A court order is made by the court, not the parents (obviously). It can be done by consent but the likelihood is that the court ordered the father to pay to maintain the status quo (ie the son was already in private school and the father was ordered to pay on the basis of his financial situation). The court decided that the mother didn’t have to contribute - most likely because she was a SAHM with no income or because her ex husband’s income was many times her own. It sounds like she’s still a SAHM, which the OP resents. There is no basis for condemning the ex wife for not contributing when the court didn’t ask her to and there’s no suggestion from the OP that they’ve even discussed her contributing now.

funinthesun19 · 19/01/2021 16:06

Maybe OP should get off her arse if she wants her DC in private school.

BUT the same could be said for the ex too if she wants HER dc in private school. Why shouldn’t work to provide for it in the new circumstances?

The op wouldn’t be able to fund it all by herself and her dh would have to budget for both. Then both mums pay their share for their own children. If the op works it won’t be enough to get her child in to private school and will do nothing more than make it easier for her husband to pay for DSS to go to private school/uni.

So yeah, they ex should get off her arse because it will end up being the op paying for it instead. And that’s not fair is it?

funinthesun19 · 19/01/2021 16:07

*Why shouldn’t the ex pay for it in the new circumstances?

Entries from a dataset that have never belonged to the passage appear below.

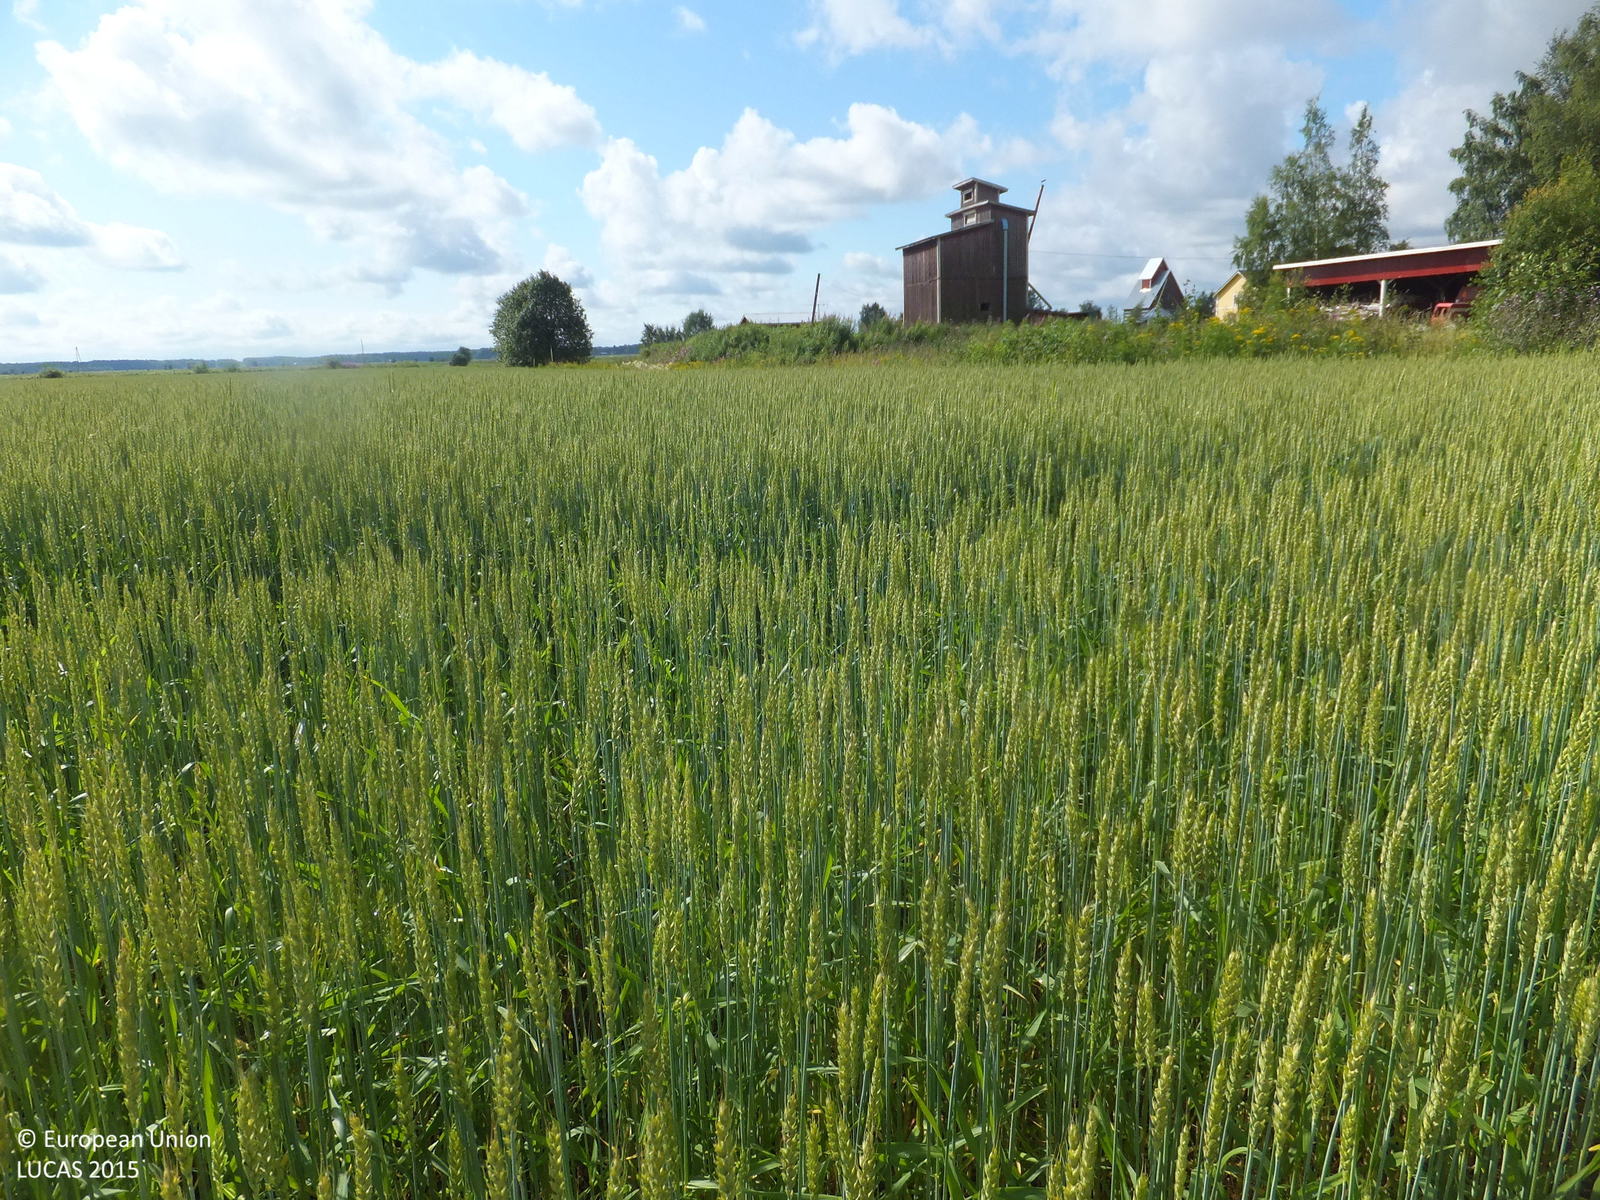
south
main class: Cropland
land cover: Common wheat
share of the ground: > 75 %
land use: Agriculture (excluding fallow land and kitchen gardens)
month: July
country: FI
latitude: 63.0702
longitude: 22.1387
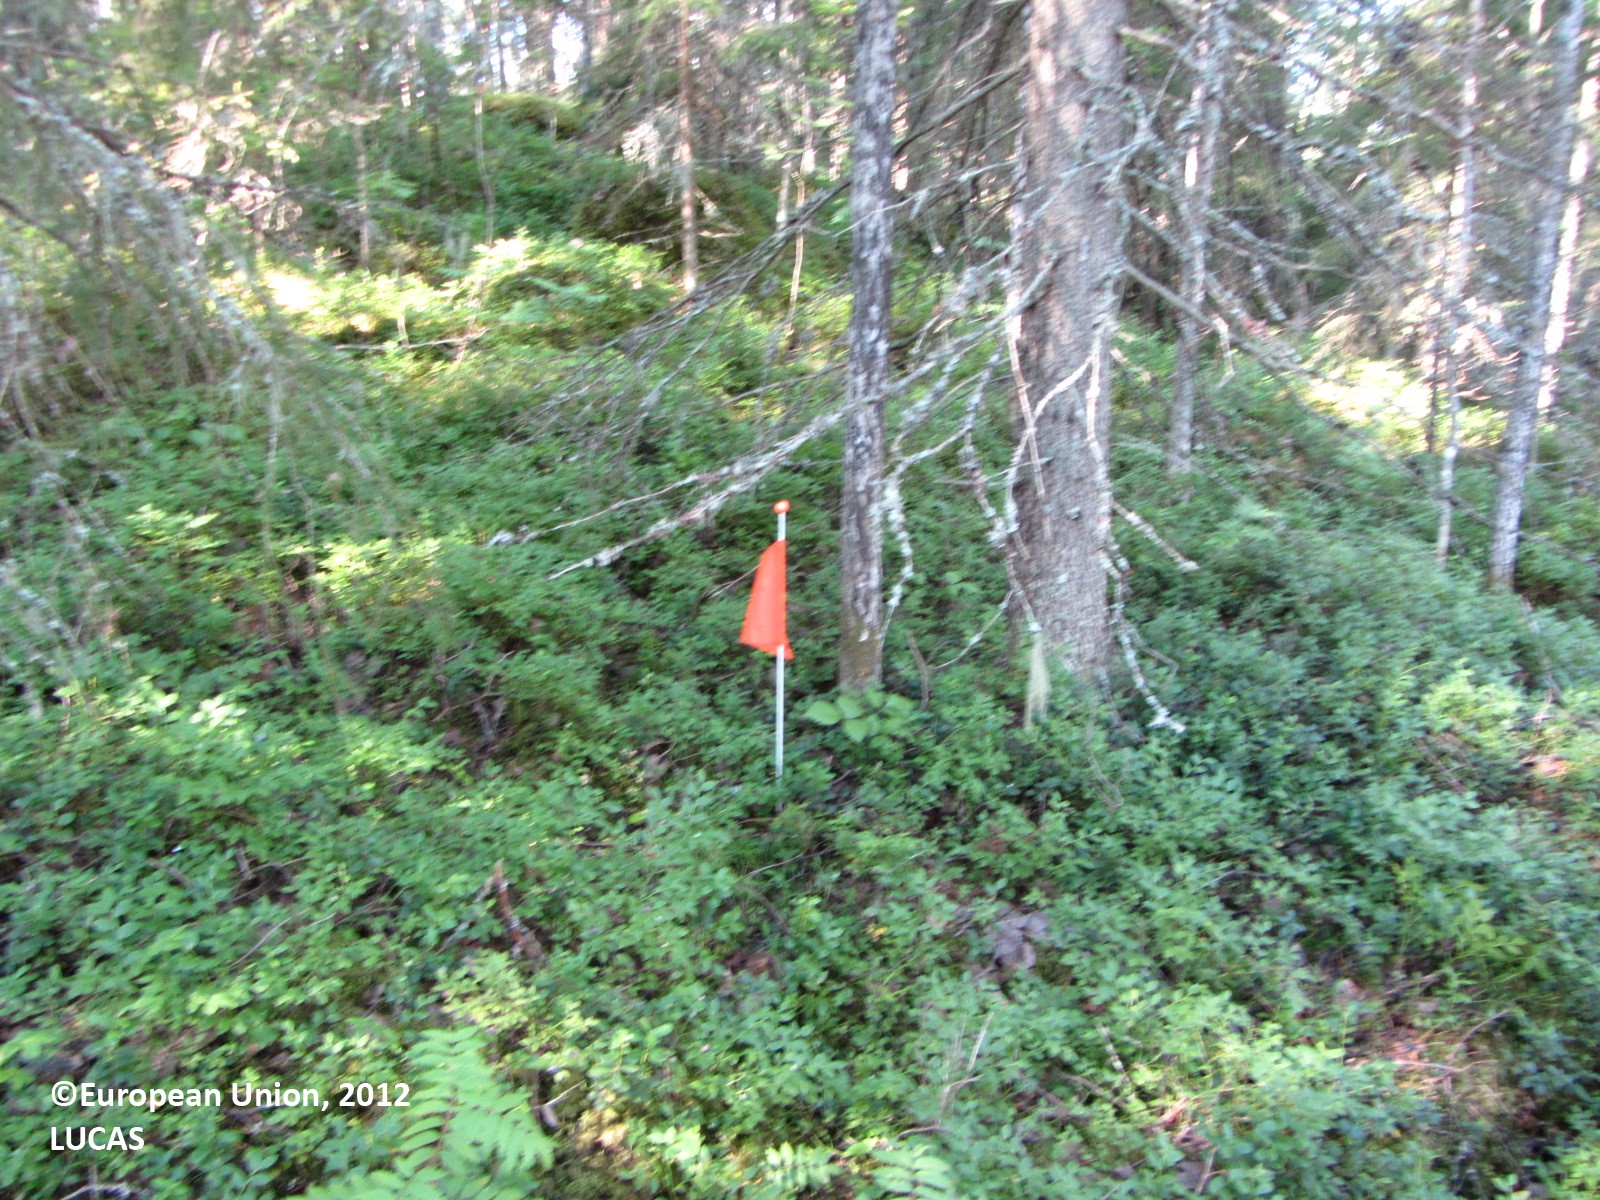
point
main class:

funinthesun19 · 19/01/2021 16:08

So yeah, they ex should get off her arse because it will end up being the op paying for it instead. And that’s not fair is it?

And by “it”, I mean the DSS’s education. Ex should be paying for it so the op won’t end up doing.

BringPizza · 19/01/2021 16:10

Funinthesun19 i think i said further upstream about the mum getting a job, too, though there is the sticky matter of the court order. It's all a bit Dickensian both the mothers sitting idly by while the man is supposed to provide everything. Though I'm sure we'll get a drip feed sob story soon.